Il progetto muove nel rispetto e nella valorizzazione degli elementi maggiormente caratterizzanti l’edificio originario, non con una logica di mera conservazione ma attraverso la rilettura e l’interpretazione. L’involucro esterno, caratterizzato dalla composizione ritmata delle aperture, dal rigore della forma composta e dalla ricchezza di modanature, è stato mantenuto nella sua geometria. La rilettura in chiave contemporanea ha determinato la scelta della colorazione monocroma di tutti i prospetti, comprese le modanature e l’intradosso della gronda lignea.

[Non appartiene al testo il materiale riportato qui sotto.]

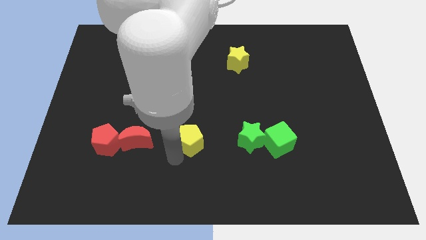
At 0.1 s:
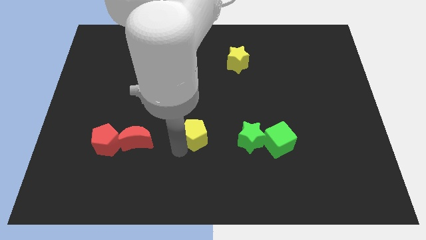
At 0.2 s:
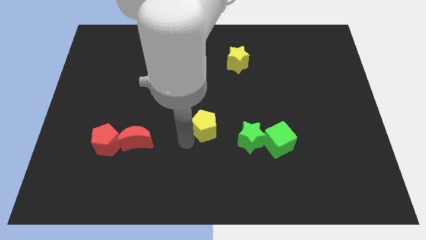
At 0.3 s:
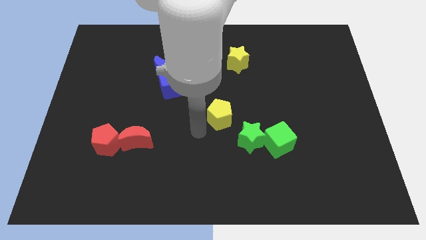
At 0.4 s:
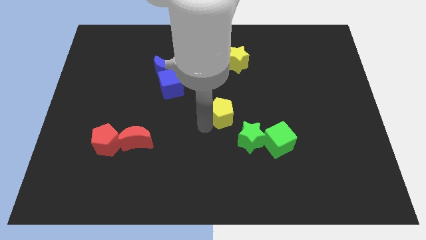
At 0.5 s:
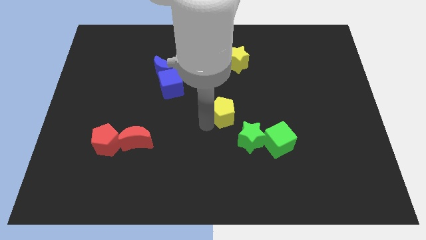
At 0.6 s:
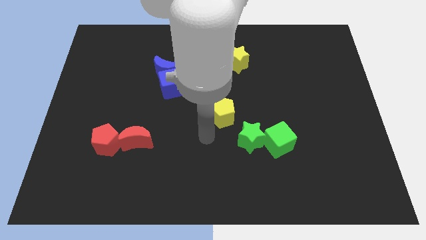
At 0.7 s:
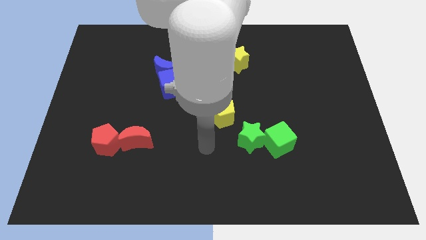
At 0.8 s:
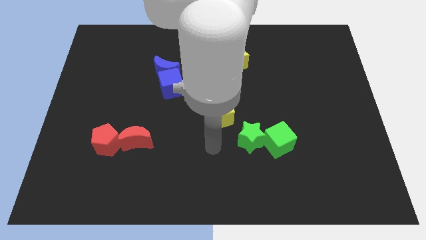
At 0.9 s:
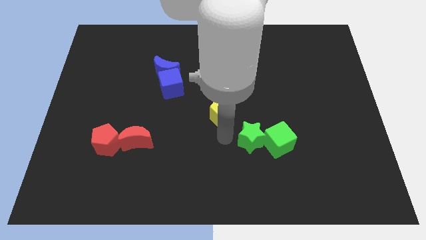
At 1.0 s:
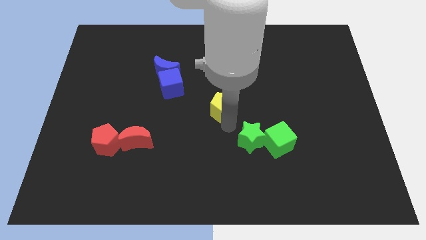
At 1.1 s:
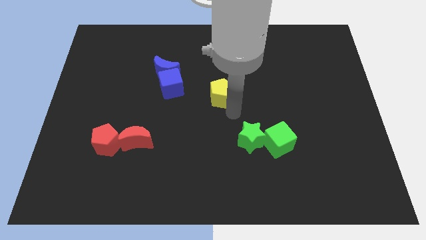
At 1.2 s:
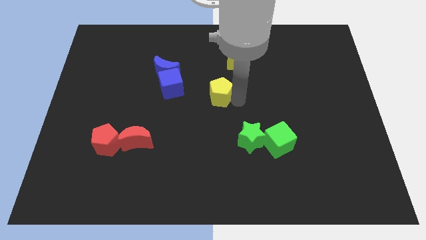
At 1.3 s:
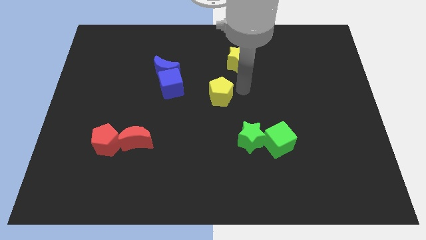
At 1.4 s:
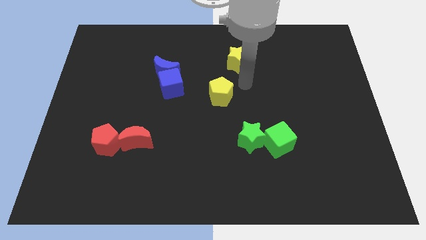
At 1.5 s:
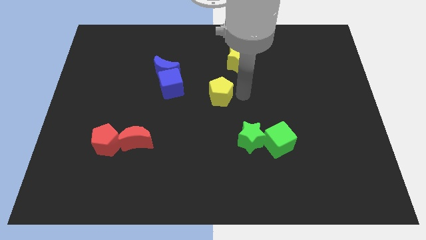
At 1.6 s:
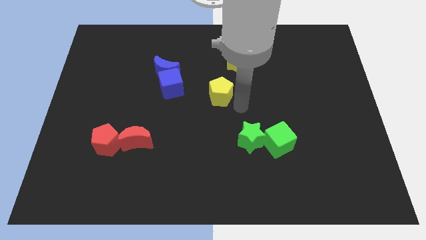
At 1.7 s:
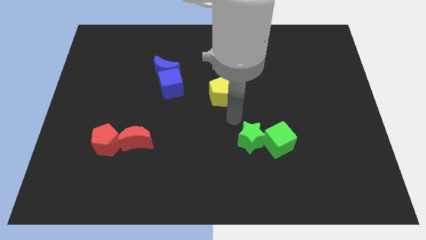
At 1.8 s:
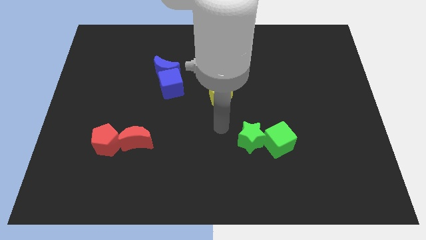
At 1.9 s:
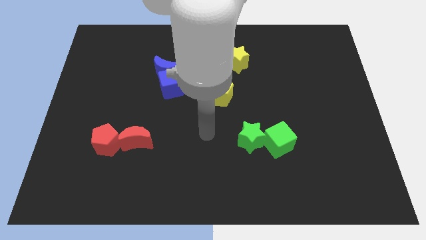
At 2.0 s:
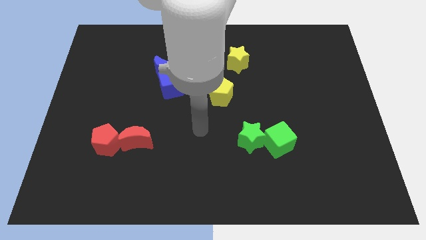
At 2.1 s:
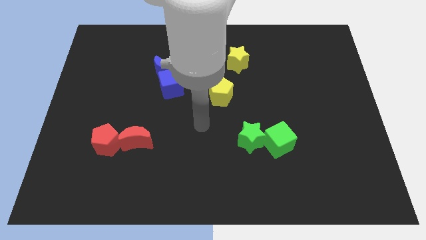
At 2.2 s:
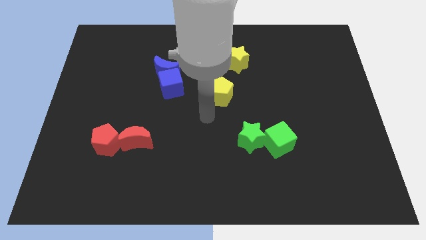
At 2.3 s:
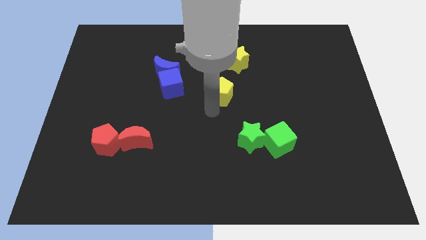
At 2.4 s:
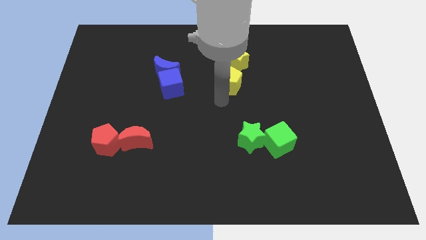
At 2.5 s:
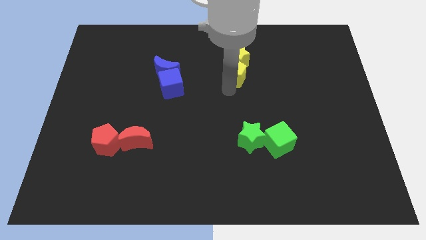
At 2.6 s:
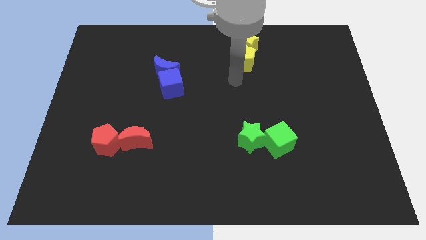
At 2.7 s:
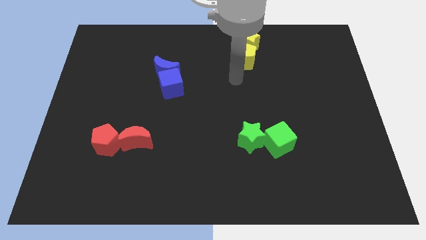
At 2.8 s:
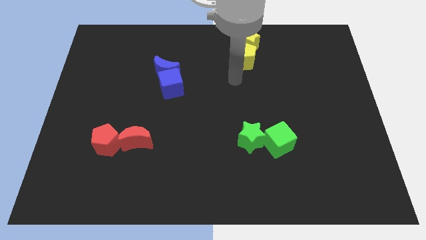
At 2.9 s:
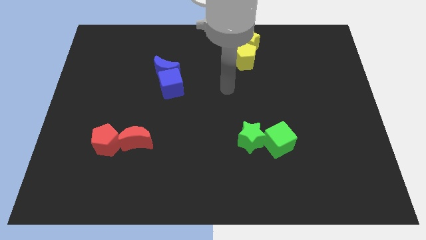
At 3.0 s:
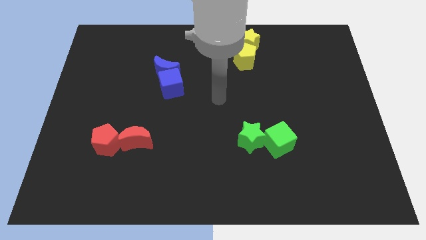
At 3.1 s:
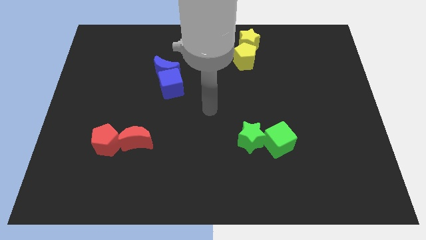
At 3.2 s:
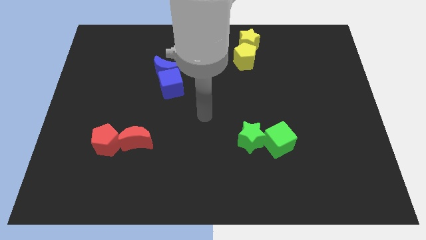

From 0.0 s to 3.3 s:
push the yellow pentagon into the yellow star

L’unico intervento esterno è coinciso con la sostituzioni delle superfetazioni incongruenti con una loggia a sbalzo, costituente un volume diafano dagli inconsueti effetti di luce. Internamente sono stati esaltati due elementi fondamentali della spazialità originaria e della nuova architettura risultante: le grandi altezze di interpiano e la scala in pietra con balaustra Liberty. La distribuzione interna è stata adeguata alle esigenze della vita contemporanea perseguendo la massima fluidità spaziale. Conseguentemente gli ambienti, originariamente austeri ed in penombra, sono ora invasi dalla luce. Nel volume diafano della loggia la luce assume delle caratteristiche assolutamente inedite per l’edificio: la microforatura permette di avere un ambiente aperto ma protetto dall’irraggiamento diretto, cangiante e confortevole. Lo spazio è a tutti gli effetti una ambiente esterno, ma si coniuga con un senso di protezione e privacy.

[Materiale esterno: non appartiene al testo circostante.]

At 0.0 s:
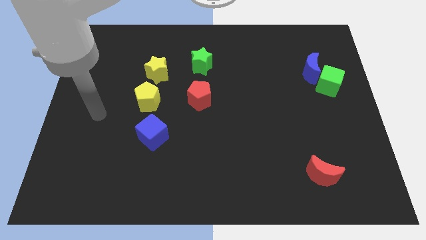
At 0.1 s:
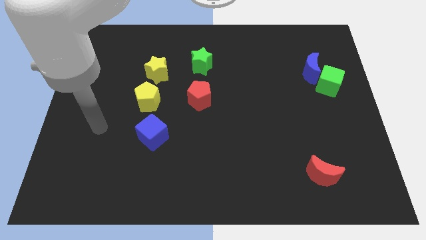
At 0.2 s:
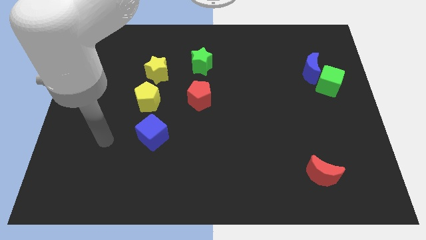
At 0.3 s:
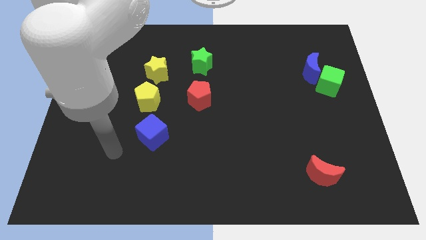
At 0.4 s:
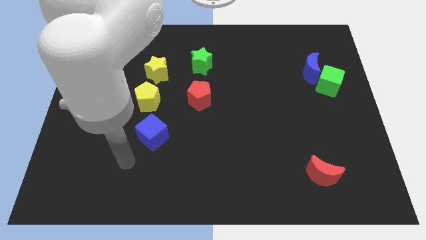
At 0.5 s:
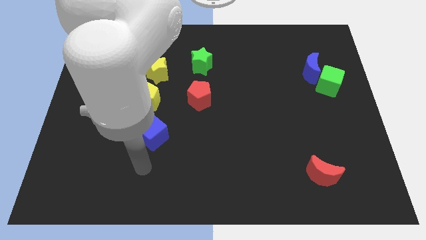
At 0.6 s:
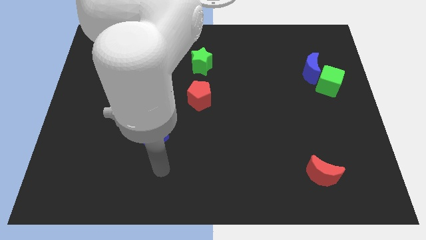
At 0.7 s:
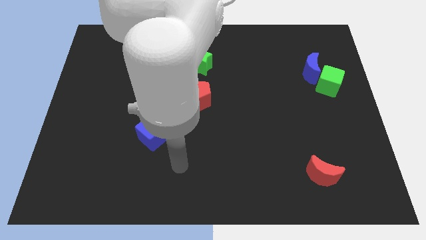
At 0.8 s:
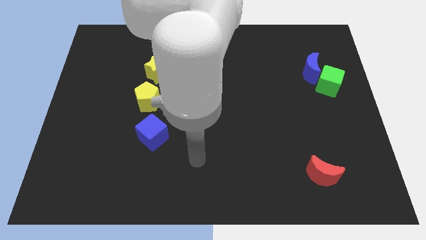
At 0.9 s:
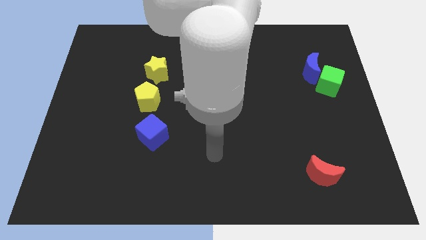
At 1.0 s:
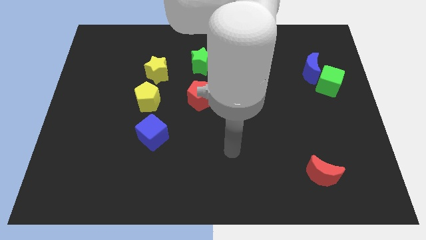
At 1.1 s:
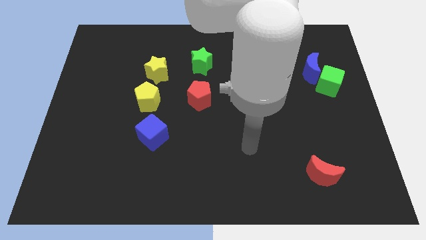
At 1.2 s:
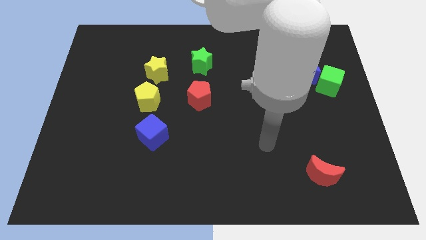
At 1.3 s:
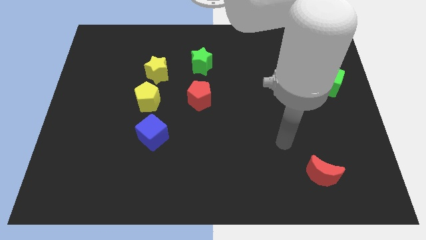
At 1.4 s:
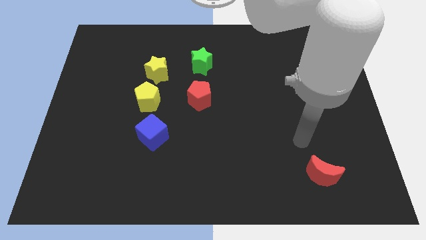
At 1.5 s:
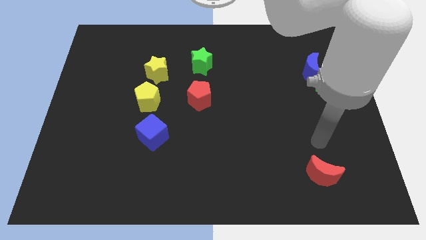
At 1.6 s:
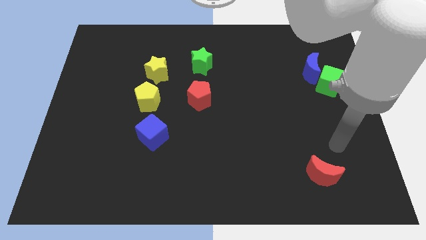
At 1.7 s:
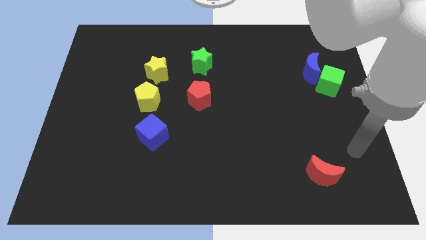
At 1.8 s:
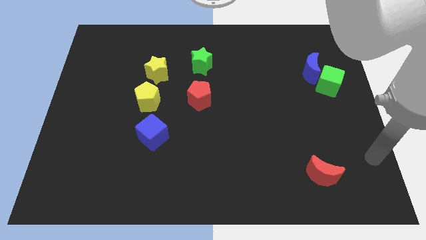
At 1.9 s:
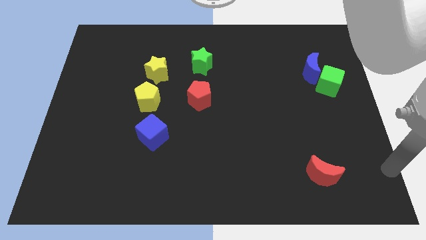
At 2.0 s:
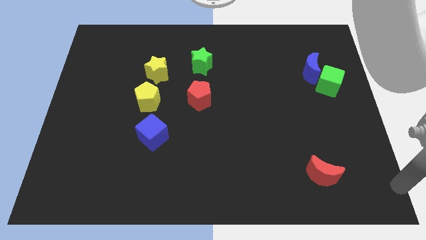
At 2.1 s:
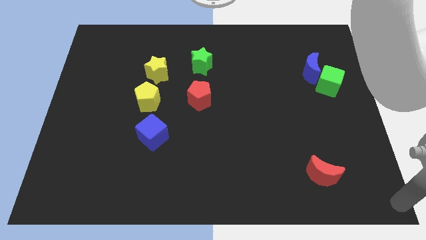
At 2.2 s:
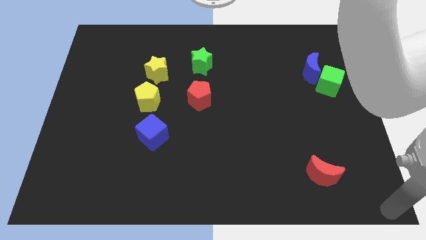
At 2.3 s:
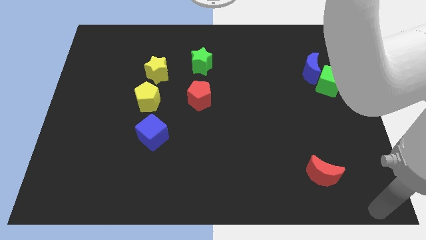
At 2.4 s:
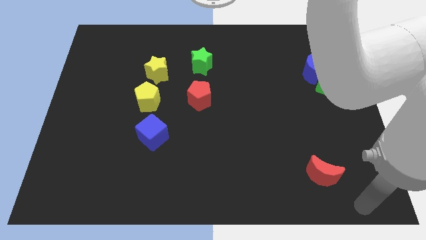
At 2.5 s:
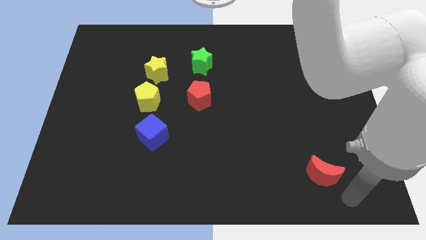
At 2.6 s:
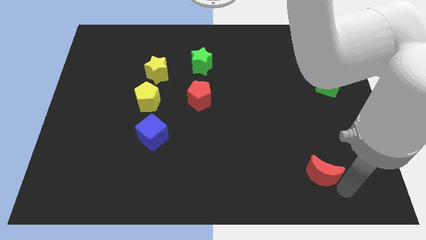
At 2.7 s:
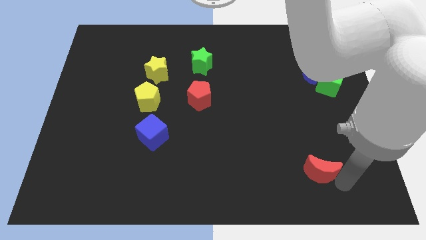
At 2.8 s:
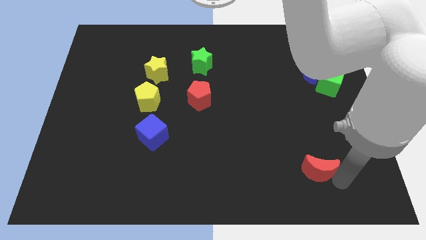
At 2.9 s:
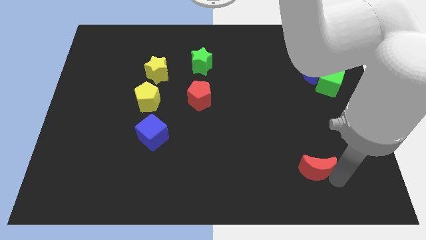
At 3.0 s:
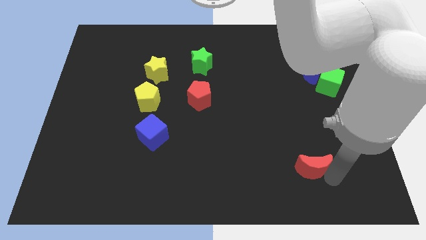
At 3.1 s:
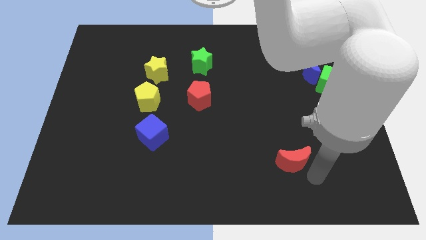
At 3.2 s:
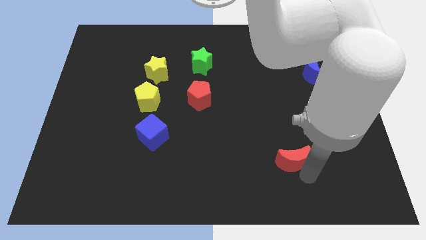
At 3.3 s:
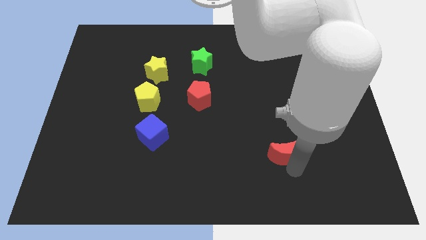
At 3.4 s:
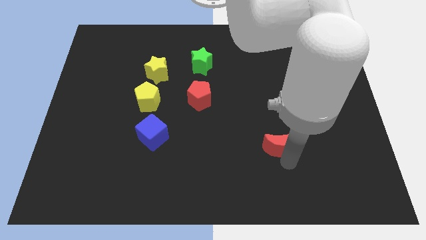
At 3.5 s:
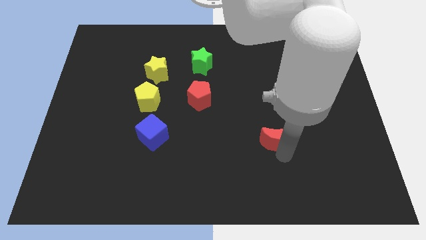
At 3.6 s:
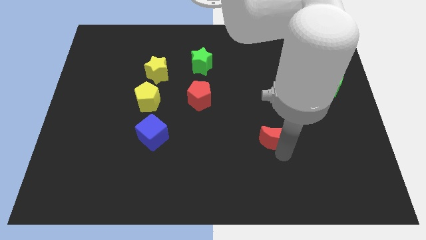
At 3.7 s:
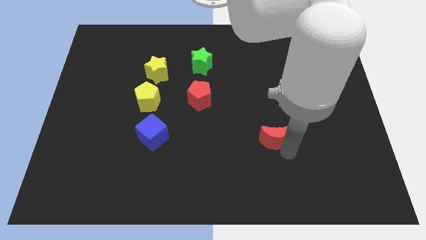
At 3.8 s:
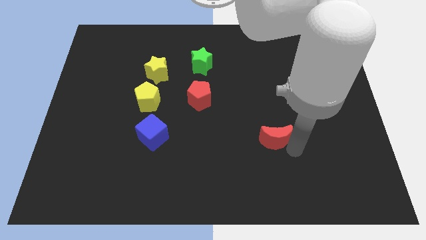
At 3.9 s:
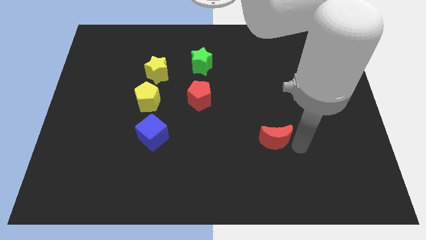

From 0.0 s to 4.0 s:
move the red crescent to the center of the board

L’edificio esistente non è mai stato un esempio significativo di archeologia industriale. Il progetto propone di enfatizzare la più importante delle sue qualità che è la dimensione. L’idea è quella di trattare in modo uniforme l’intero volume con un rivestimento in alluminio anodizzato color bronzo con l’obiettivo però di non cancellare completamente la preesistenza. Questa nuova pelle metallica avvolge interamente l’edificio rafforzando la sua grande volumetria e il suo essere “un fuori scala” nel contesto urbano ma, allo stesso tempo, grazie all’effetto di trasparenza consente di mantenere parzialmente visibili le caratteristiche architettoniche dell’edificio esistente. La nuova immagine che la Camera di Commercio di Prato offre alla città è una sorta di sfocatura dell’edificio industriale del quale si continuano a vedere gli elementi principali: la serialità delle aperture, le cornici marcapiano e gli elementi decorativi rappresentativi. Una sorta di vedo-non vedo che moltiplica le possibilità di percezione del nuovo edificio contemporaneo.